Plus: Kamala blames Team Biden for her defeat.
• There are “cultural phrases” we could say to CNN, but we will refrain.
• God help us. An assassin shot and killed Charlie Kirk at an event at Utah Valley University on Wednesday. Kirk grew to fame by bringing an unapologetically conservative message to college students. On Wednesday, he was doing just that before a massive crowd. There is a lot we don’t know about this depraved crime, including the identity of the shooter, who, as of this writing, is still at large; the FBI has released photos of a person of interest. What is obvious is that the murder of Kirk while he was engaging with young Americans is a tragic loss for his wife and two children and a shocking event that may herald a turn toward greater political violence in America. Kirk’s rise came during an era when younger leftists abandoned the free speech values that their ideological predecessors once espoused. It featured escalating attacks on conservative speakers—efforts to cancel them, to shout them down, to throw objects at them, to make threats. Yet Kirk continued to tour college campuses, to take hostile questions, and to engage with people who passionately disagreed with him. He did his ideological adversaries the favor of taking their questions seriously. This alone was a significant contribution to our civil society. In a free republic, citizens are supposed to resolve their differences by arguing passionately with one another and then voting and legislating. Political violence is a direct threat to the foundations of our free society, and must be condemned by all people of good will, with no throat-clearing or “buts.” America is in danger of moving from the heckler’s veto to the assassin’s veto. At this heartbreaking moment, we pray for Kirk’s family and for the future of the country. May he rest in peace.
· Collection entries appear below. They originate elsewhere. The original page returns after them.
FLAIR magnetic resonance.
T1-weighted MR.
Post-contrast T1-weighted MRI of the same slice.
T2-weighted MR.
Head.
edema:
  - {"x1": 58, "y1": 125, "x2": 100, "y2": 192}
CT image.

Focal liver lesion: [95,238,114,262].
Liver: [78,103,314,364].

• Kamala Harris’s new campaign memoir—or is it a horror novel?—107 Days is heading for publication in late September. The Atlantic has an excerpt that confirms our theory that, at the very least, the book will be nightmarishly boring. Harris’s upcoming “insider” account of a drama that America lived through in real-time last year bears all the hallmarks of being written by a second-rate political ghostwriter slinging focus-grouped buzz phrases around without any proper understanding of what it means to be a human being. (Predictably, Harris blames Joe Biden’s staff for her loss.) Then again, it is a fair impression of the candidate herself, who seems like the kind of woman who would characterize sororities as “engines of uplift” and make solemn observations like “it is often the people with the least who give the most.” Kamala Harris should observe the inverse of that formulation: She was given much, and should feel free to give us all a little bit less of herself from now on.
• The Trump administration asked the Supreme Court to take up immediately its defeat in the Federal Circuit on the question of whether the International Emergency Economic Powers Act of 1977 grants the president unlimited emergency tariff powers. That court split 7–4 on the question, and its majority was itself divided on the reasoning; the Court of International Trade had reached the same conclusion by still a third path. Tuesday, the Court took up the case and ordered an aggressive schedule under which the first briefs are due September 19, the final briefs are due October 30, and the cases will be set for argument in November. The Court took up both the case from the Court of International Trade and a parallel case from a federal district court, so it will not be diverted by the question of which lower court properly had jurisdiction. This schedule does not guarantee a quick resolution if the Court is deeply divided, but it suggests that the Court grasps the urgency of the matter and will proceed accordingly.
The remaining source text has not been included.